Converting formats of unequal ratios is done by either cropping the original image adding horizontal black bars (letterboxing) or vertical black bars (pillarboxing) to retain the original format's aspect ratio.
4:3 standard
The 4:3 ratio for standard television has been in use since the beginning of television and many computer monitors use the same aspect ratio. 4:3 is the aspect ratio defined by the Academy of Motion Picture Arts and Sciences as a standard after the advent of optical sound-on-film.
16:9 standard
16:9 is the international standard format for HDTV and many digital video cameras have the capability to record in 16:9. Anamorphic DVD transfers store the information vertically stretched in a 4:3 aspect ratio. If the TV can handle an anamorphic image, it will horizontally decompress the signal to 16:9. If not, the DVD player can reduce scan lines and add letterboxing before sending the image to the TV. Wider ratios such as 1.85:1 and 2.40:1 are accommodated within the 16:9 DVD frame by additional black bars within the image itself.
Interlacing
Interlace is a technique of improving the picture quality of a video signal without consuming any extra bandwidth. It was invented by RCA engineer Randall C. Ballard in 1932. It was commonly used in television until the 1970s, when the needs of computer monitors resulted in the reintroduction of progressive scan. Interlace is still used for most standard definition TVs, and the 1080i HDTV broadcast standard, but not for LCD, micromirror (DLP), or plasma displays.
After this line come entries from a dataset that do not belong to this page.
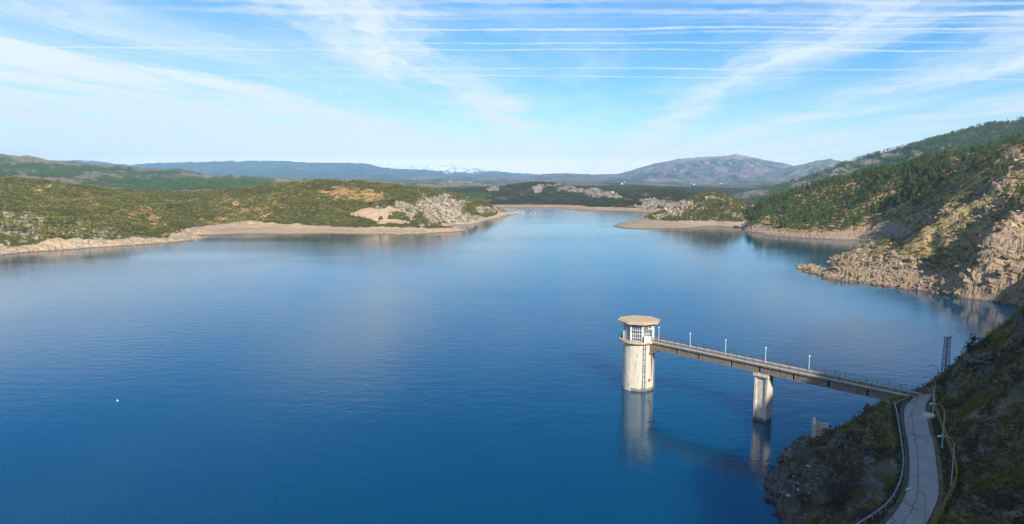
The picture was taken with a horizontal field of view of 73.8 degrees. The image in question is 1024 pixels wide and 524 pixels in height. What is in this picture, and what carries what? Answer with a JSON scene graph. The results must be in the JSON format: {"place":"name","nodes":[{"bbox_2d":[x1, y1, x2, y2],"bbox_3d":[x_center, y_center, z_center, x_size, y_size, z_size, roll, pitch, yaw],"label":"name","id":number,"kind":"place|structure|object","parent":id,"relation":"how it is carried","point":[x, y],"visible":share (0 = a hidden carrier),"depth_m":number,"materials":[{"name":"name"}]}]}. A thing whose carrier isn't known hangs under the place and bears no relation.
{"place":"outdoors","nodes":[
{"label":"outdoors","id":0,"kind":"place"},
{"bbox_2d":[0,153,490,201],"bbox_3d":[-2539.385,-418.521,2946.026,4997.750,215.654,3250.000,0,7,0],"label":"hills","id":1,"kind":"structure","parent":0,"point":[92,174],"depth_m":2429.07,"materials":[{"name":"green plant"}]},
{"bbox_2d":[0,154,491,200],"bbox_3d":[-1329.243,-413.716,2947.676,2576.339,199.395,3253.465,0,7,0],"label":"plantation","id":2,"kind":"object","parent":1,"relation":"on","point":[199,179],"visible":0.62,"depth_m":2009.16,"materials":[{"name":"green plant"}]},
{"bbox_2d":[55,159,459,178],"bbox_3d":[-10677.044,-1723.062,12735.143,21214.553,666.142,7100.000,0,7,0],"label":"plateau mountains","id":3,"kind":"structure","parent":0,"point":[287,169],"depth_m":12678.88,"materials":[{"name":"stone"}]},
{"bbox_2d":[0,177,515,254],"bbox_3d":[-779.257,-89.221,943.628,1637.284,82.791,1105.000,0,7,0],"label":"hills","id":4,"kind":"structure","parent":0,"point":[388,224],"depth_m":729.05,"materials":[{"name":"green plant"}]},
{"bbox_2d":[0,193,504,250],"bbox_3d":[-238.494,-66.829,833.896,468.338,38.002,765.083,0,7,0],"label":"outcrop rocks","id":5,"kind":"object","parent":4,"relation":"on","point":[411,215],"visible":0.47,"depth_m":774.73,"materials":[{"name":"stone"}]},
{"bbox_2d":[0,175,505,242],"bbox_3d":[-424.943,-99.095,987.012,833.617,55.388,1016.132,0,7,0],"label":"heath","id":6,"kind":"object","parent":4,"relation":"on","point":[46,214],"visible":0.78,"depth_m":765.64,"materials":[{"name":"green plant"}]},
{"bbox_2d":[393,164,538,175],"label":"snowy mountains","id":7,"kind":"structure","parent":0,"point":[454,170],"depth_m":14204.33,"materials":[{"name":"white snow"}]},
{"bbox_2d":[458,173,513,177],"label":"wooded hills","id":8,"kind":"structure","parent":0,"point":[491,175],"depth_m":11228.88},
{"bbox_2d":[0,208,1020,523],"bbox_3d":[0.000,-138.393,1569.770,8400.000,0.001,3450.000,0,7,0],"label":"water","id":9,"kind":"structure","parent":0,"point":[472,374],"depth_m":186.74,"materials":[{"name":"blue liquid"}]},
{"bbox_2d":[0,0,1023,174],"label":"sky","id":10,"kind":"structure","parent":0,"point":[592,87],"materials":[{"name":"blue"}]},
{"bbox_2d":[262,175,793,188],"bbox_3d":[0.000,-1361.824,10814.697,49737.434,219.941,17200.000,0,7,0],"label":"ground","id":11,"kind":"structure","parent":0,"point":[501,181],"depth_m":5747.63,"materials":[{"name":"green plant"}]},
{"bbox_2d":[422,181,761,212],"bbox_3d":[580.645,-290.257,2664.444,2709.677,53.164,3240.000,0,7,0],"label":"central hills","id":12,"kind":"structure","parent":0,"point":[645,199],"depth_m":1416.22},
{"bbox_2d":[494,184,660,205],"bbox_3d":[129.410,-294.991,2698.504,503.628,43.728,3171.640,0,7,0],"label":"crags","id":13,"kind":"structure","parent":12,"relation":"on","point":[598,194],"depth_m":1714.43,"materials":[{"name":"stone"}]},
{"bbox_2d":[430,180,761,205],"bbox_3d":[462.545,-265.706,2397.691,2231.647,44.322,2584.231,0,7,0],"label":"heath","id":14,"kind":"object","parent":12,"relation":"on","point":[633,190],"visible":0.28,"depth_m":1809.56,"materials":[{"name":"green plant"}]},
{"bbox_2d":[507,154,792,181],"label":"peak mountains","id":15,"kind":"structure","parent":0,"point":[729,167],"depth_m":8511.28,"materials":[{"name":"grey stone"}]},
{"bbox_2d":[614,191,748,228],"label":"hill","id":16,"kind":"structure","parent":0,"point":[650,223],"depth_m":776.29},
{"bbox_2d":[647,192,746,220],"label":"hill rocks","id":17,"kind":"object","parent":16,"relation":"on","point":[678,209],"visible":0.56,"depth_m":824.38,"materials":[{"name":"stone"}]},
{"bbox_2d":[644,190,753,220],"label":"hill scrub","id":18,"kind":"object","parent":16,"relation":"on","point":[686,212],"visible":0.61,"depth_m":814.88,"materials":[{"name":"green plant"}]},
{"bbox_2d":[692,158,841,183],"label":"mountains","id":19,"kind":"structure","parent":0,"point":[797,172],"depth_m":6794.48,"materials":[{"name":"grey stone"}]},
{"bbox_2d":[730,120,1023,202],"bbox_3d":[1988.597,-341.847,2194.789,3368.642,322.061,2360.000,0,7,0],"label":"ridge","id":20,"kind":"structure","parent":0,"point":[842,170],"depth_m":1865.97,"materials":[{"name":"green plant"}]},
{"bbox_2d":[740,116,1023,203],"bbox_3d":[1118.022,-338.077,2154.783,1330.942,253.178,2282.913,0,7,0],"label":"ridge wood","id":21,"kind":"object","parent":20,"relation":"on","point":[988,127],"visible":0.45,"depth_m":1691.56,"materials":[{"name":"green plant"}]},
{"bbox_2d":[740,139,1023,306],"bbox_3d":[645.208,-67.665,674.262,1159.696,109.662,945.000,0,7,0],"label":"mountainside","id":22,"kind":"structure","parent":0,"point":[975,290],"depth_m":414.08,"materials":[{"name":"beige stone"}]},
{"bbox_2d":[769,214,774,223],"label":"pine tree","id":23,"kind":"object","parent":22,"relation":"on","point":[772,221],"visible":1,"depth_m":667.23,"materials":[{"name":"green plant"}]},
{"bbox_2d":[783,218,790,227],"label":"pine tree","id":24,"kind":"object","parent":22,"relation":"on","point":[785,222],"visible":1,"depth_m":641.49,"materials":[{"name":"green plant"}]},
{"bbox_2d":[785,203,790,212],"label":"pine tree","id":25,"kind":"object","parent":22,"relation":"on","point":[788,207],"visible":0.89,"depth_m":699.35,"materials":[{"name":"green plant"}]},
{"bbox_2d":[804,213,810,223],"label":"pine tree","id":26,"kind":"object","parent":22,"relation":"on","point":[808,215],"visible":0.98,"depth_m":642.62,"materials":[{"name":"green plant"}]},
{"bbox_2d":[830,208,836,217],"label":"pine tree","id":27,"kind":"object","parent":22,"relation":"on","point":[832,211],"visible":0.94,"depth_m":642.70,"materials":[{"name":"green plant"}]},
{"bbox_2d":[842,220,847,230],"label":"pine tree","id":28,"kind":"object","parent":22,"relation":"on","point":[845,224],"visible":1,"depth_m":604.83,"materials":[{"name":"green plant"}]},
{"bbox_2d":[846,174,852,181],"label":"pine tree","id":29,"kind":"object","parent":22,"relation":"on","point":[849,177],"visible":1,"depth_m":736.77,"materials":[{"name":"green plant"}]},
{"bbox_2d":[847,186,853,193],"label":"pine tree","id":30,"kind":"object","parent":22,"relation":"on","point":[850,190],"visible":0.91,"depth_m":710.86,"materials":[{"name":"green plant"}]},
{"bbox_2d":[847,208,854,217],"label":"pine tree","id":31,"kind":"object","parent":22,"relation":"on","point":[851,212],"visible":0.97,"depth_m":630.47,"materials":[{"name":"green plant"}]},
{"bbox_2d":[851,196,856,204],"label":"pine tree","id":32,"kind":"object","parent":22,"relation":"on","point":[853,198],"visible":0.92,"depth_m":672.09,"materials":[{"name":"green plant"}]},
{"bbox_2d":[856,214,864,225],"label":"pine tree","id":33,"kind":"object","parent":22,"relation":"on","point":[860,215],"visible":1,"depth_m":613.60,"materials":[{"name":"green plant"}]},
{"bbox_2d":[863,207,870,218],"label":"pine tree","id":34,"kind":"object","parent":22,"relation":"on","point":[866,211],"visible":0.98,"depth_m":626.27,"materials":[{"name":"green plant"}]},
{"bbox_2d":[864,192,872,199],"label":"pine tree","id":35,"kind":"object","parent":22,"relation":"on","point":[868,194],"visible":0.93,"depth_m":656.19,"materials":[{"name":"green plant"}]},
{"bbox_2d":[873,179,880,188],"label":"pine tree","id":36,"kind":"object","parent":22,"relation":"on","point":[877,183],"visible":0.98,"depth_m":668.38,"materials":[{"name":"green plant"}]},
{"bbox_2d":[878,185,884,195],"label":"pine tree","id":37,"kind":"object","parent":22,"relation":"on","point":[881,188],"visible":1,"depth_m":654.01,"materials":[{"name":"green plant"}]},
{"bbox_2d":[744,138,1023,289],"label":"scrub","id":38,"kind":"object","parent":22,"relation":"on","point":[921,224],"visible":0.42,"depth_m":493.65,"materials":[{"name":"green plant"}]},
{"bbox_2d":[745,133,1023,229],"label":"pine wood","id":39,"kind":"object","parent":22,"relation":"on","point":[868,174],"visible":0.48,"depth_m":683.29,"materials":[{"name":"green plant"}]},
{"bbox_2d":[882,170,887,179],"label":"pine tree","id":40,"kind":"object","parent":22,"relation":"on","point":[885,173],"visible":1,"depth_m":680.55,"materials":[{"name":"green plant"}]},
{"bbox_2d":[883,196,889,204],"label":"pine tree","id":41,"kind":"object","parent":22,"relation":"on","point":[886,201],"visible":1,"depth_m":631.96,"materials":[{"name":"green plant"}]},
{"bbox_2d":[760,146,1023,305],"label":"crags","id":42,"kind":"structure","parent":22,"relation":"on","point":[964,277],"depth_m":353.67,"materials":[{"name":"stone"}]},
{"bbox_2d":[893,179,899,188],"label":"pine tree","id":43,"kind":"object","parent":22,"relation":"on","point":[896,184],"visible":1,"depth_m":645.71,"materials":[{"name":"green plant"}]},
{"bbox_2d":[894,167,900,174],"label":"pine tree","id":44,"kind":"object","parent":22,"relation":"on","point":[896,169],"visible":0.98,"depth_m":668.95,"materials":[{"name":"green plant"}]},
{"bbox_2d":[905,187,911,195],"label":"pine tree","id":45,"kind":"object","parent":22,"relation":"on","point":[908,191],"visible":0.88,"depth_m":609.77,"materials":[{"name":"green plant"}]},
{"bbox_2d":[912,163,918,170],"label":"pine tree","id":46,"kind":"object","parent":22,"relation":"on","point":[915,168],"visible":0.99,"depth_m":655.78,"materials":[{"name":"green plant"}]},
{"bbox_2d":[915,192,921,202],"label":"pine tree","id":47,"kind":"object","parent":22,"relation":"on","point":[917,200],"visible":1,"depth_m":566.83,"materials":[{"name":"green plant"}]},
{"bbox_2d":[918,165,926,173],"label":"pine tree","id":48,"kind":"object","parent":22,"relation":"on","point":[921,168],"visible":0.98,"depth_m":641.16,"materials":[{"name":"green plant"}]},
{"bbox_2d":[919,176,926,186],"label":"pine tree","id":49,"kind":"object","parent":22,"relation":"on","point":[924,182],"visible":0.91,"depth_m":597.15,"materials":[{"name":"green plant"}]},
{"bbox_2d":[920,188,926,198],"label":"pine tree","id":50,"kind":"object","parent":22,"relation":"on","point":[921,192],"visible":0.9,"depth_m":578.20,"materials":[{"name":"green plant"}]},
{"bbox_2d":[924,185,932,196],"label":"pine tree","id":51,"kind":"object","parent":22,"relation":"on","point":[929,187],"visible":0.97,"depth_m":567.74,"materials":[{"name":"green plant"}]},
{"bbox_2d":[933,194,939,202],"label":"pine tree","id":52,"kind":"object","parent":22,"relation":"on","point":[936,198],"visible":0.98,"depth_m":520.15,"materials":[{"name":"green plant"}]},
{"bbox_2d":[942,193,949,203],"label":"pine tree","id":53,"kind":"object","parent":22,"relation":"on","point":[947,198],"visible":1,"depth_m":482.28,"materials":[{"name":"green plant"}]},
{"bbox_2d":[944,160,953,169],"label":"pine tree","id":54,"kind":"object","parent":22,"relation":"on","point":[949,165],"visible":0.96,"depth_m":595.42,"materials":[{"name":"green plant"}]},
{"bbox_2d":[947,178,954,187],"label":"pine tree","id":55,"kind":"object","parent":22,"relation":"on","point":[950,181],"visible":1,"depth_m":540.89,"materials":[{"name":"green plant"}]},
{"bbox_2d":[957,174,963,183],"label":"pine tree","id":56,"kind":"object","parent":22,"relation":"on","point":[960,177],"visible":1,"depth_m":529.42,"materials":[{"name":"green plant"}]},
{"bbox_2d":[966,161,973,168],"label":"pine tree","id":57,"kind":"object","parent":22,"relation":"on","point":[970,163],"visible":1,"depth_m":547.70,"materials":[{"name":"green plant"}]},
{"bbox_2d":[974,153,979,161],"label":"pine tree","id":58,"kind":"object","parent":22,"relation":"on","point":[977,157],"visible":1,"depth_m":555.37,"materials":[{"name":"green plant"}]},
{"bbox_2d":[979,145,985,152],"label":"pine tree","id":59,"kind":"object","parent":22,"relation":"on","point":[983,147],"visible":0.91,"depth_m":569.75,"materials":[{"name":"green plant"}]},
{"bbox_2d":[982,171,990,181],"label":"pine tree","id":60,"kind":"object","parent":22,"relation":"on","point":[985,176],"visible":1,"depth_m":490.39,"materials":[{"name":"green plant"}]},
{"bbox_2d":[983,149,990,157],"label":"pine tree","id":61,"kind":"object","parent":22,"relation":"on","point":[985,153],"visible":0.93,"depth_m":539.51,"materials":[{"name":"green plant"}]},
{"bbox_2d":[987,141,993,148],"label":"pine tree","id":62,"kind":"object","parent":22,"relation":"on","point":[990,143],"visible":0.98,"depth_m":591.34,"materials":[{"name":"green plant"}]},
{"bbox_2d":[994,167,1002,178],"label":"pine tree","id":63,"kind":"object","parent":22,"relation":"on","point":[997,172],"visible":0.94,"depth_m":463.54,"materials":[{"name":"green plant"}]},
{"bbox_2d":[1000,157,1007,165],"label":"pine tree","id":64,"kind":"object","parent":22,"relation":"on","point":[1003,158],"visible":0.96,"depth_m":493.62,"materials":[{"name":"green plant"}]},
{"bbox_2d":[1002,188,1007,196],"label":"pine tree","id":65,"kind":"object","parent":22,"relation":"on","point":[1004,192],"visible":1,"depth_m":413.08,"materials":[{"name":"green plant"}]},
{"bbox_2d":[1005,183,1012,190],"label":"pine tree","id":66,"kind":"object","parent":22,"relation":"on","point":[1008,185],"visible":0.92,"depth_m":425.52,"materials":[{"name":"green plant"}]},
{"bbox_2d":[1005,154,1013,164],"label":"pine tree","id":67,"kind":"object","parent":22,"relation":"on","point":[1010,160],"visible":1,"depth_m":474.13,"materials":[{"name":"green plant"}]},
{"bbox_2d":[1009,198,1018,211],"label":"pine tree","id":68,"kind":"object","parent":22,"relation":"on","point":[1014,204],"visible":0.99,"depth_m":354.08,"materials":[{"name":"green plant"}]},
{"bbox_2d":[1012,136,1019,143],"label":"pine tree","id":69,"kind":"object","parent":22,"relation":"on","point":[1017,140],"visible":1,"depth_m":514.81,"materials":[{"name":"green plant"}]},
{"bbox_2d":[763,308,1023,523],"bbox_3d":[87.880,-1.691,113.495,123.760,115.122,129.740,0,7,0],"label":"hillside","id":70,"kind":"structure","parent":0,"point":[1012,397],"depth_m":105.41,"materials":[{"name":"green plant"}]},
{"bbox_2d":[772,472,779,481],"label":"rock outcrop","id":71,"kind":"object","parent":70,"relation":"on","point":[776,477],"visible":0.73,"depth_m":115.67,"materials":[{"name":"grey stone"}]},
{"bbox_2d":[649,336,922,422],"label":"footbridge","id":72,"kind":"object","parent":70,"relation":"on","point":[764,373],"visible":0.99,"depth_m":146.23,"materials":[{"name":"concrete"}]},
{"bbox_2d":[783,446,797,460],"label":"rock outcrop","id":73,"kind":"object","parent":70,"relation":"on","point":[787,454],"visible":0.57,"depth_m":124.34,"materials":[{"name":"grey stone"}]},
{"bbox_2d":[812,417,831,438],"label":"concrete ruin","id":74,"kind":"object","parent":70,"relation":"on","point":[818,428],"visible":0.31,"depth_m":134.78,"materials":[{"name":"grey concrete"}]},
{"bbox_2d":[815,478,842,517],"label":"bare tree","id":75,"kind":"object","parent":70,"relation":"on","point":[830,486],"visible":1,"depth_m":94.22,"materials":[{"name":"grey plant"}]},
{"bbox_2d":[849,410,867,427],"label":"bare tree","id":76,"kind":"object","parent":70,"relation":"on","point":[858,416],"visible":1,"depth_m":118.02,"materials":[{"name":"plant"}]},
{"bbox_2d":[859,474,886,505],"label":"bare tree","id":77,"kind":"object","parent":70,"relation":"on","point":[874,483],"visible":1,"depth_m":84.30,"materials":[{"name":"grey plant"}]},
{"bbox_2d":[856,401,903,523],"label":"guard rail","id":78,"kind":"object","parent":70,"relation":"on","point":[880,508],"visible":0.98,"depth_m":85.20,"materials":[{"name":"metal"}]},
{"bbox_2d":[860,461,902,491],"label":"bare tree","id":79,"kind":"object","parent":70,"relation":"on","point":[877,472],"visible":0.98,"depth_m":87.87,"materials":[{"name":"grey plant"}]},
{"bbox_2d":[765,344,1020,523],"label":"rubble","id":80,"kind":"object","parent":70,"relation":"on","point":[797,489],"visible":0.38,"depth_m":110.31,"materials":[{"name":"stone"}]},
{"bbox_2d":[881,397,913,523],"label":"road edge","id":81,"kind":"object","parent":70,"relation":"on","point":[891,514],"visible":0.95,"depth_m":94.66,"materials":[{"name":"grey concrete"}]},
{"bbox_2d":[778,303,1023,523],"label":"heath cushion","id":82,"kind":"object","parent":70,"relation":"on","point":[987,494],"visible":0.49,"depth_m":102.33,"materials":[{"name":"green plant"}]},
{"bbox_2d":[893,392,915,404],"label":"wall","id":83,"kind":"structure","parent":70,"relation":"on","point":[904,399],"depth_m":122.37,"materials":[{"name":"concrete"}]},
{"bbox_2d":[788,311,1023,523],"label":"brush","id":84,"kind":"object","parent":70,"relation":"on","point":[827,513],"visible":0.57,"depth_m":98.42,"materials":[{"name":"green plant"}]},
{"bbox_2d":[855,388,964,523],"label":"verge grass","id":85,"kind":"structure","parent":70,"relation":"on","point":[944,463],"depth_m":94.87,"materials":[{"name":"green plant"}]},
{"bbox_2d":[906,487,925,523],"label":"street lamp","id":86,"kind":"object","parent":70,"relation":"on","point":[909,488],"visible":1,"depth_m":73.16,"materials":[{"name":"grey metal"}]},
{"bbox_2d":[915,387,933,393],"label":"parapet","id":87,"kind":"structure","parent":70,"relation":"on","point":[925,390],"depth_m":127.53,"materials":[{"name":"concrete"}]},
{"bbox_2d":[921,412,934,418],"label":"concrete chamber","id":88,"kind":"object","parent":70,"relation":"on","point":[927,415],"visible":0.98,"depth_m":114.58,"materials":[{"name":"grey concrete"}]},
{"bbox_2d":[922,376,935,413],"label":"street lamp","id":89,"kind":"object","parent":70,"relation":"on","point":[934,393],"visible":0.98,"depth_m":114.56,"materials":[{"name":"grey metal"}]},
{"bbox_2d":[929,403,944,447],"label":"street lamp","id":90,"kind":"object","parent":70,"relation":"on","point":[943,423],"visible":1,"depth_m":100.76,"materials":[{"name":"grey metal"}]},
{"bbox_2d":[932,383,957,523],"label":"guardrail","id":91,"kind":"object","parent":70,"relation":"on","point":[944,503],"visible":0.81,"depth_m":92.00,"materials":[{"name":"yellow metal"}]},
{"bbox_2d":[940,335,951,373],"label":"lattice mast","id":92,"kind":"object","parent":70,"relation":"on","point":[946,356],"visible":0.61,"depth_m":147.34,"materials":[{"name":"metal"}]},
{"bbox_2d":[937,435,954,485],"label":"street lamp","id":93,"kind":"object","parent":70,"relation":"on","point":[939,436],"visible":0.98,"depth_m":88.20,"materials":[{"name":"grey metal"}]},
{"bbox_2d":[942,371,958,380],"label":"evergreen bush","id":94,"kind":"object","parent":70,"relation":"on","point":[947,376],"visible":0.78,"depth_m":124.00,"materials":[{"name":"green plant"}]},
{"bbox_2d":[963,353,972,361],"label":"rock outcrop","id":95,"kind":"object","parent":70,"relation":"on","point":[969,355],"visible":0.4,"depth_m":127.02,"materials":[{"name":"grey stone"}]},
{"bbox_2d":[963,441,980,461],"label":"bare tree","id":96,"kind":"object","parent":70,"relation":"on","point":[967,446],"visible":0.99,"depth_m":93.33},
{"bbox_2d":[965,333,990,347],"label":"evergreen bush","id":97,"kind":"object","parent":70,"relation":"on","point":[970,343],"visible":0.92,"depth_m":126.63,"materials":[{"name":"green plant"}]},
{"bbox_2d":[967,352,992,372],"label":"rock outcrop","id":98,"kind":"object","parent":70,"relation":"on","point":[977,361],"visible":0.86,"depth_m":117.53,"materials":[{"name":"grey stone"}]},
{"bbox_2d":[976,435,992,454],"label":"bare tree","id":99,"kind":"object","parent":70,"relation":"on","point":[986,440],"visible":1,"depth_m":92.44,"materials":[{"name":"plant"}]},
{"bbox_2d":[978,447,991,454],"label":"rock outcrop","id":100,"kind":"object","parent":70,"relation":"on","point":[981,450],"visible":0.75,"depth_m":93.02,"materials":[{"name":"grey stone"}]},
{"bbox_2d":[1013,313,1023,337],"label":"bare tree","id":101,"kind":"object","parent":70,"relation":"on","point":[1019,320],"visible":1,"depth_m":113.85,"materials":[{"name":"plant"}]},
{"bbox_2d":[886,394,938,523],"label":"road","id":102,"kind":"structure","parent":0,"point":[923,475],"depth_m":93.46,"materials":[{"name":"grey asphalt"}]},
{"label":"lake bed","id":103,"kind":"structure","parent":0,"visible":0},
{"bbox_2d":[618,315,659,391],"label":"intake tower","id":104,"kind":"structure","parent":103,"relation":"on","point":[638,366],"depth_m":168.05,"materials":[{"name":"concrete"}]},
{"bbox_2d":[624,323,629,340],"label":"window","id":105,"kind":"structure","parent":104,"relation":"in","point":[625,332],"depth_m":169.40,"materials":[{"name":"white paint"}]},
{"bbox_2d":[631,325,641,341],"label":"window","id":106,"kind":"structure","parent":104,"relation":"in","point":[639,330],"depth_m":166.90,"materials":[{"name":"white paint"}]},
{"bbox_2d":[643,325,651,338],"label":"window","id":107,"kind":"structure","parent":104,"relation":"in","point":[649,333],"depth_m":167.00,"materials":[{"name":"white paint"}]}
]}

With progressive scan, an image is captured, transmitted and displayed in a similar way to text on a page - line by line, from top to bottom. An interlaced scan does this too but only for every alternate line. It starts from the top left corner to the bottom right corner and then is repeated again, only this time starting at the second row. This fills in the gaps left behind from the first scan.
Such scan of every second line is called interlacing. A field is an image that contains only half of the lines you would need to make a complete picture. This allows the two scanned fields to be perceived as a continuous image which allows the viewing of full horizontal detail with half the bandwidth used by a full progressive scan.
NTSC
NTSC stands for National Television Standards Committee. It is a standard for scanning television signals that is primarily used in the United States' although it has been adopted by numerous other countries. Frames are displayed at 30 frames per second.
PAL
PAL stands for Phase Alternative Line System and it is the European TV standard for scanning television signals. Frames are displayed at 25 frames per second. PAL is used in most European countries and is gaining popularity worldwide.